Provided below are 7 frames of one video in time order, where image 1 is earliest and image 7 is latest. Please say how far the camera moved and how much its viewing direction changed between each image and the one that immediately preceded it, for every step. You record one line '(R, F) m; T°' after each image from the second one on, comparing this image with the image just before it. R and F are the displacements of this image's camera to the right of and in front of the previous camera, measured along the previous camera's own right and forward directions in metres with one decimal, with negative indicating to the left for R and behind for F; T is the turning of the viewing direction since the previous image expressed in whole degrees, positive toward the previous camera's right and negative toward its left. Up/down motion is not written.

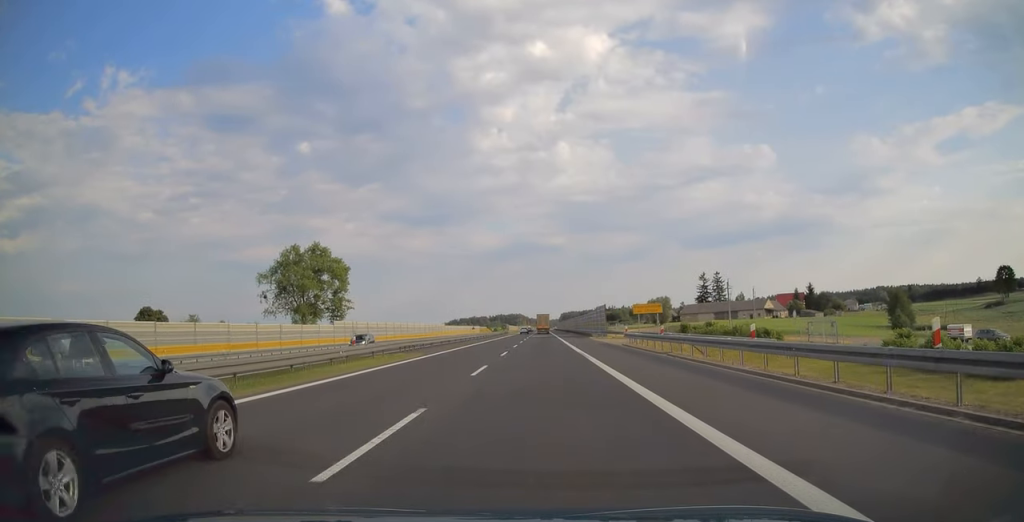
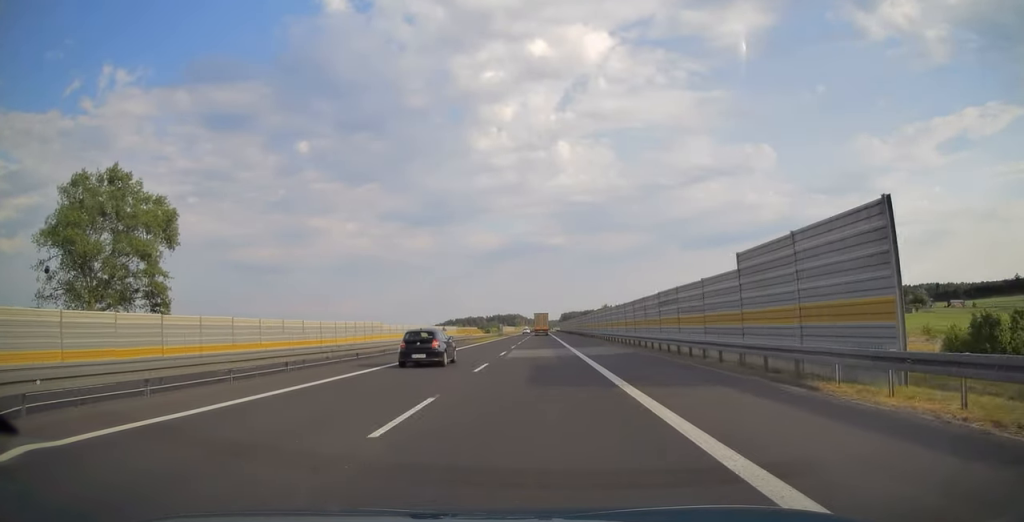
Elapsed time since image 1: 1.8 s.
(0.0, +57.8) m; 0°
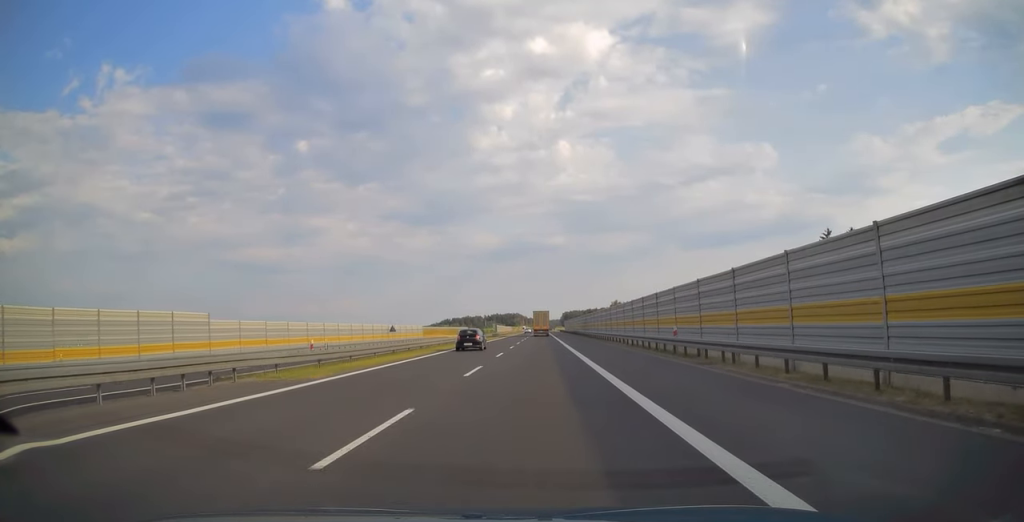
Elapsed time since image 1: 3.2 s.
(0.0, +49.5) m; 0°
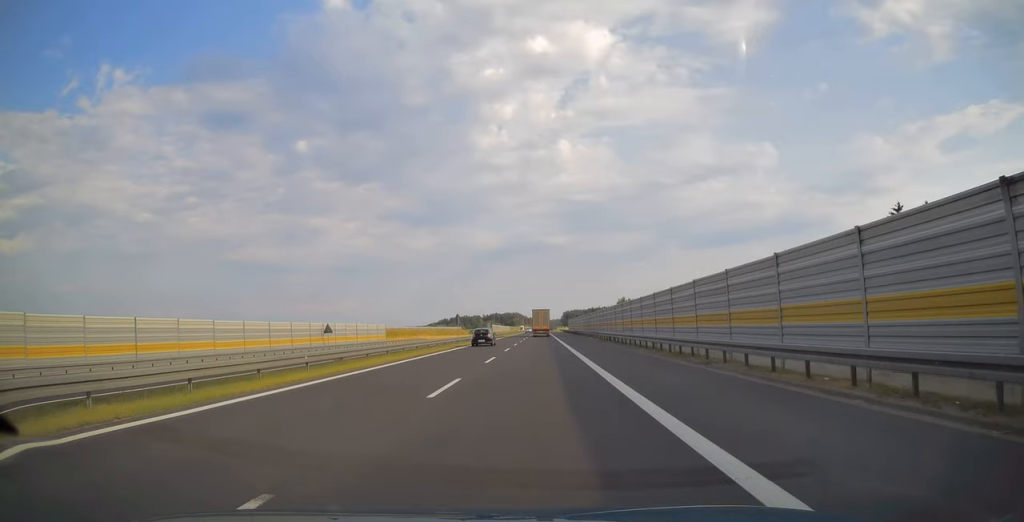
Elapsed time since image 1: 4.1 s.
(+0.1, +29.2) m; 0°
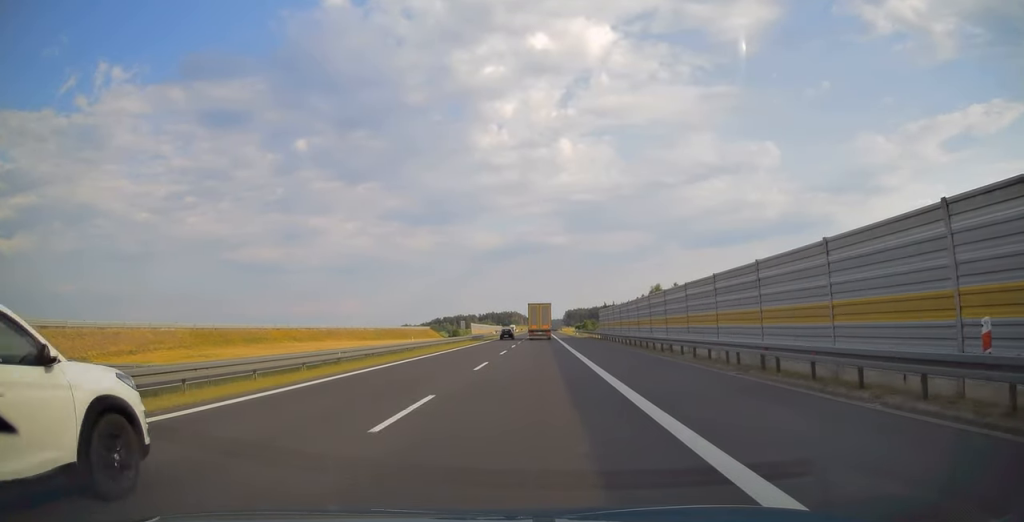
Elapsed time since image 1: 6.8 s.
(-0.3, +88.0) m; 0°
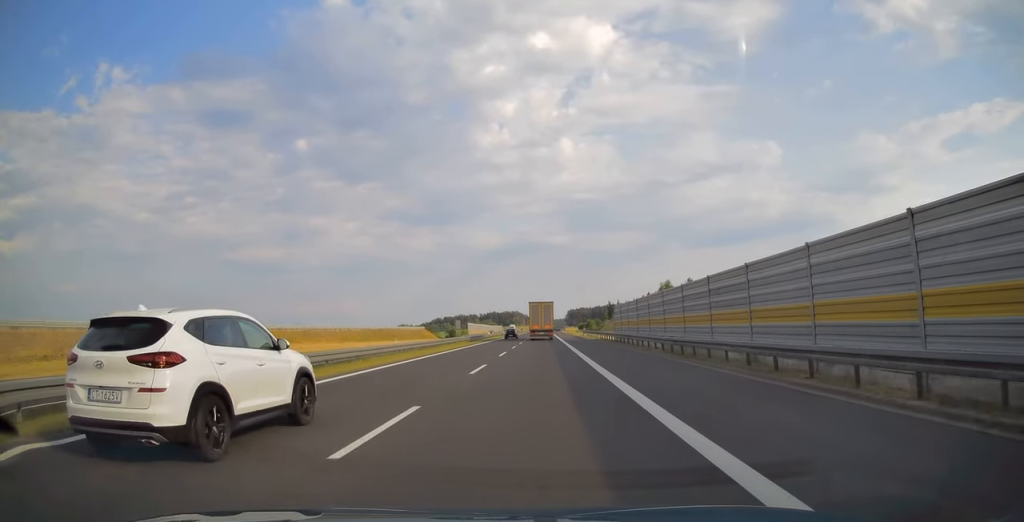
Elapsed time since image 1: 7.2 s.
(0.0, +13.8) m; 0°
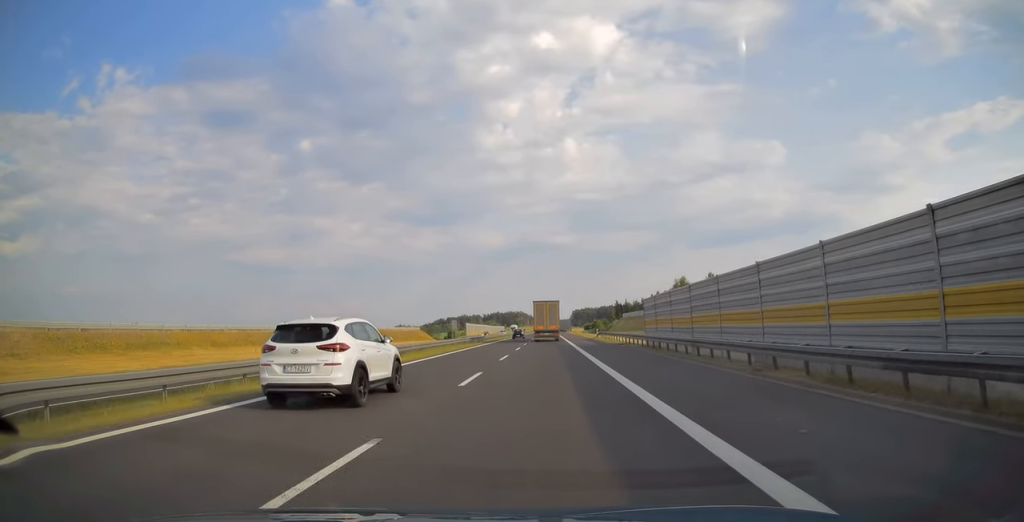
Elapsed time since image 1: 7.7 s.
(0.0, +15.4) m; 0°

◇ ◇ ◇ ◇

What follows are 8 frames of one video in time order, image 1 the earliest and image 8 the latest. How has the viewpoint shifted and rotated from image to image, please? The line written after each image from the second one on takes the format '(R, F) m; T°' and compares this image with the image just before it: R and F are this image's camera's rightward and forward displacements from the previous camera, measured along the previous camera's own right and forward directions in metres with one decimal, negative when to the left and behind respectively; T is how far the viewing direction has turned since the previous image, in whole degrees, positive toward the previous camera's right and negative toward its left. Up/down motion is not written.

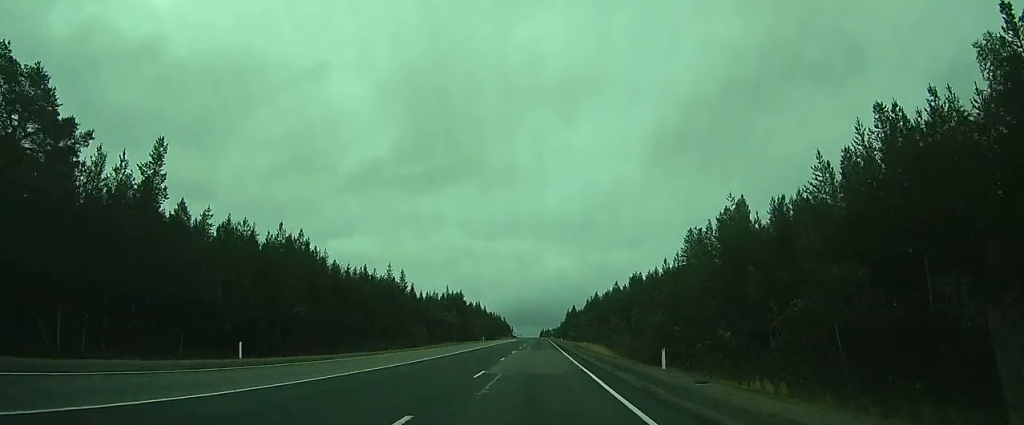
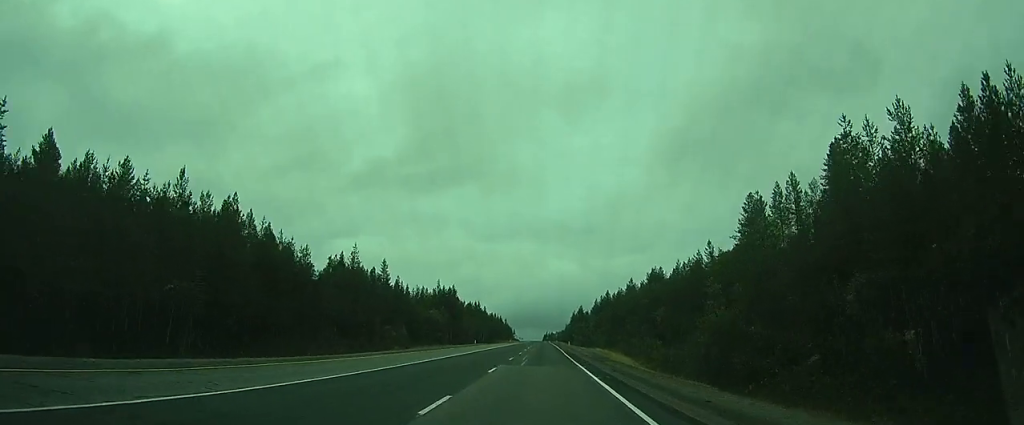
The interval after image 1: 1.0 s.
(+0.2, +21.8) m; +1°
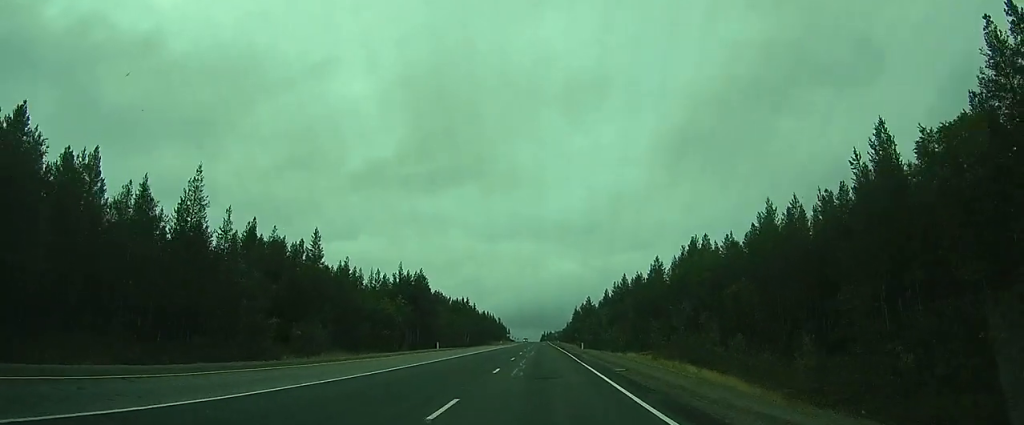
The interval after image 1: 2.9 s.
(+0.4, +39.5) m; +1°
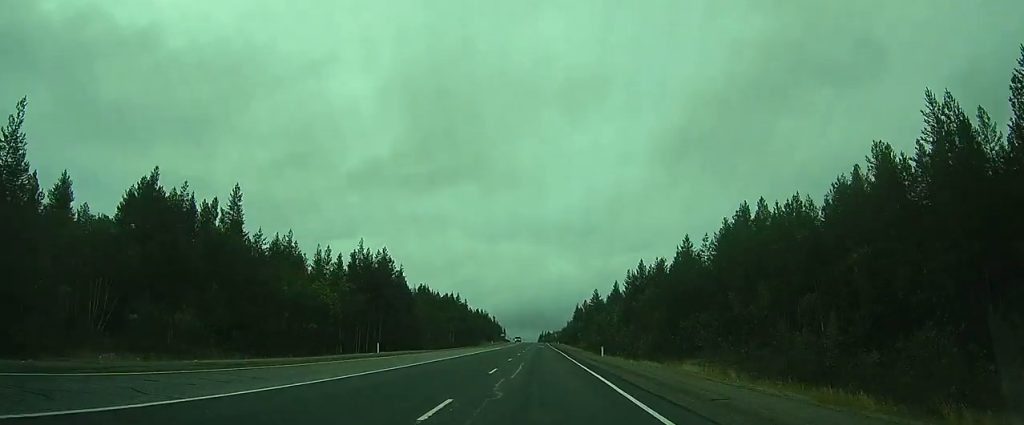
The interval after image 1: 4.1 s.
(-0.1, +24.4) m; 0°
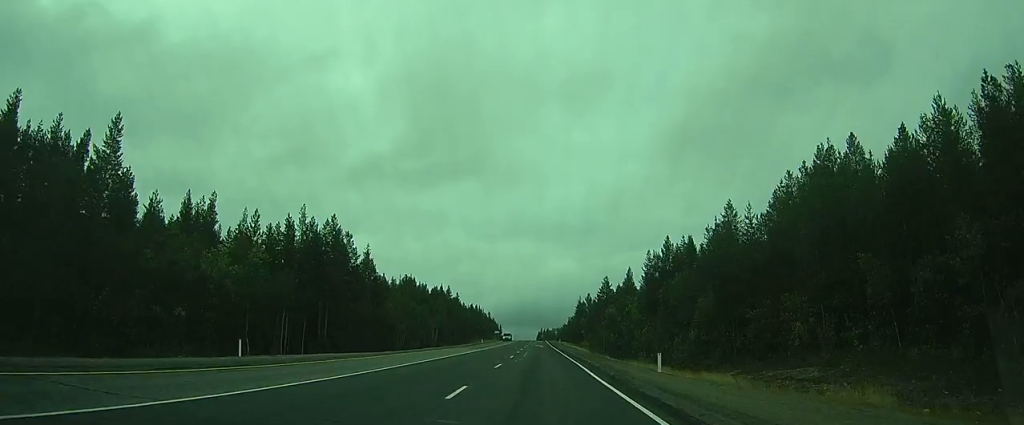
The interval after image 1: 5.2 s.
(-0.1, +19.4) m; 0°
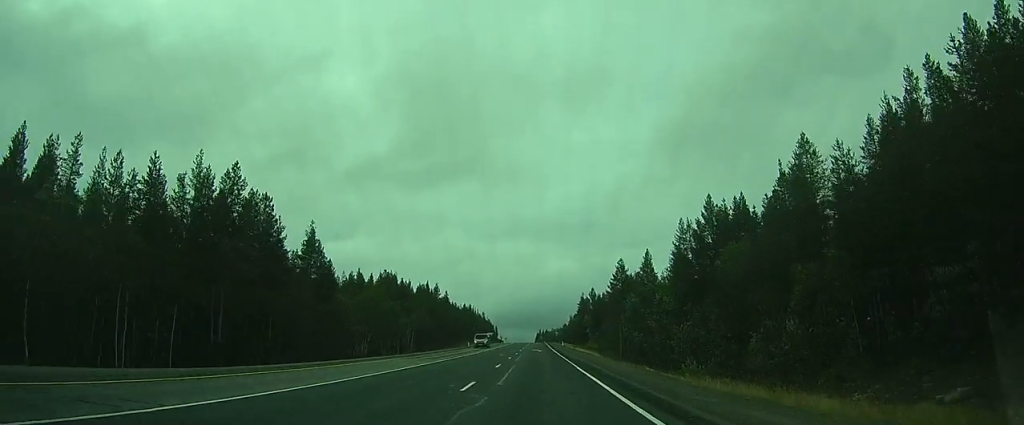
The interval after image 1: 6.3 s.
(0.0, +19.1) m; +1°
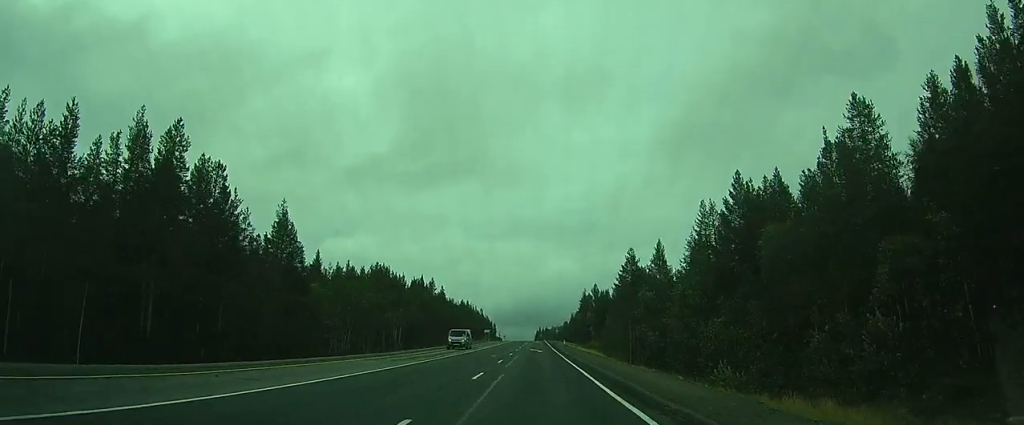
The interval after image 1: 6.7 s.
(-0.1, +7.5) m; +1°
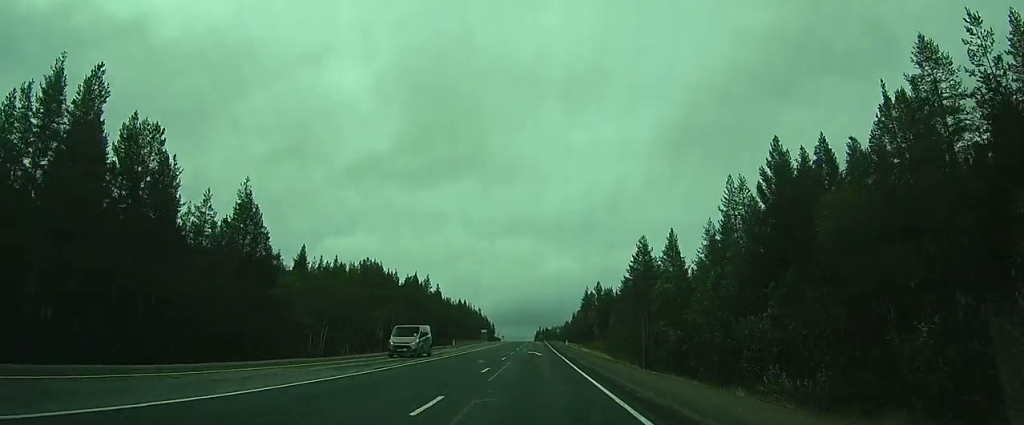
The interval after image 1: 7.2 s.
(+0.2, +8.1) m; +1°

◇ ◇ ◇ ◇

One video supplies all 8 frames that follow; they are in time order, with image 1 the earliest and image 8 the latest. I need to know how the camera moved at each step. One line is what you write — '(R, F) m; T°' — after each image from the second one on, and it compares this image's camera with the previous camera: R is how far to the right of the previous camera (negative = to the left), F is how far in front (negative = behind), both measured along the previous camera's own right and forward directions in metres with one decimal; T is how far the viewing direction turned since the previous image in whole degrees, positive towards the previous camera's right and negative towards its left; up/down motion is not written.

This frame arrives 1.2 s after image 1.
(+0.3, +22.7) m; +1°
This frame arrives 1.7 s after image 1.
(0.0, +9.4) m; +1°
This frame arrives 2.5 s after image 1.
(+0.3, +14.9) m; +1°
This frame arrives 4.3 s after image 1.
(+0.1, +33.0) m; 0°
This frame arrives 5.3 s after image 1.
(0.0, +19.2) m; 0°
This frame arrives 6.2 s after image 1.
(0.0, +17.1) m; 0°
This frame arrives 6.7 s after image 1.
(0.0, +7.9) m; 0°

◇ ◇ ◇ ◇

* [YOUR GOAL] Scan the records above for the word "just" and return every line where it occurs.

* [SOLUTION TO THIS PROBLEM]
Provided below are 7 frames of one video in time order, where image 1 is earliest and image 7 is latest. Please say how far the camera moved and how much its viewing direction changed between each image and the one that immediately preceded it, for every step. You record one line '(R, F) m; T°' after each image from the second one on, comparing this image with the image just before it. R and F are the displacements of this image's camera to the right of and in front of the previous camera, measured along the previous camera's own right and forward directions in metres with one decimal, with negative indicating to the left for R and behind for F; T is the turning of the viewing direction since the previous image expressed in whole degrees, positive toward the previous camera's right and negative toward its left. Up/down motion is not written.
What follows are 8 frames of one video in time order, image 1 the earliest and image 8 the latest. How has the viewpoint shifted and rotated from image to image, please? The line written after each image from the second one on takes the format '(R, F) m; T°' and compares this image with the image just before it: R and F are this image's camera's rightward and forward displacements from the previous camera, measured along the previous camera's own right and forward directions in metres with one decimal, negative when to the left and behind respectively; T is how far the viewing direction has turned since the previous image, in whole degrees, positive toward the previous camera's right and negative toward its left. Up/down motion is not written.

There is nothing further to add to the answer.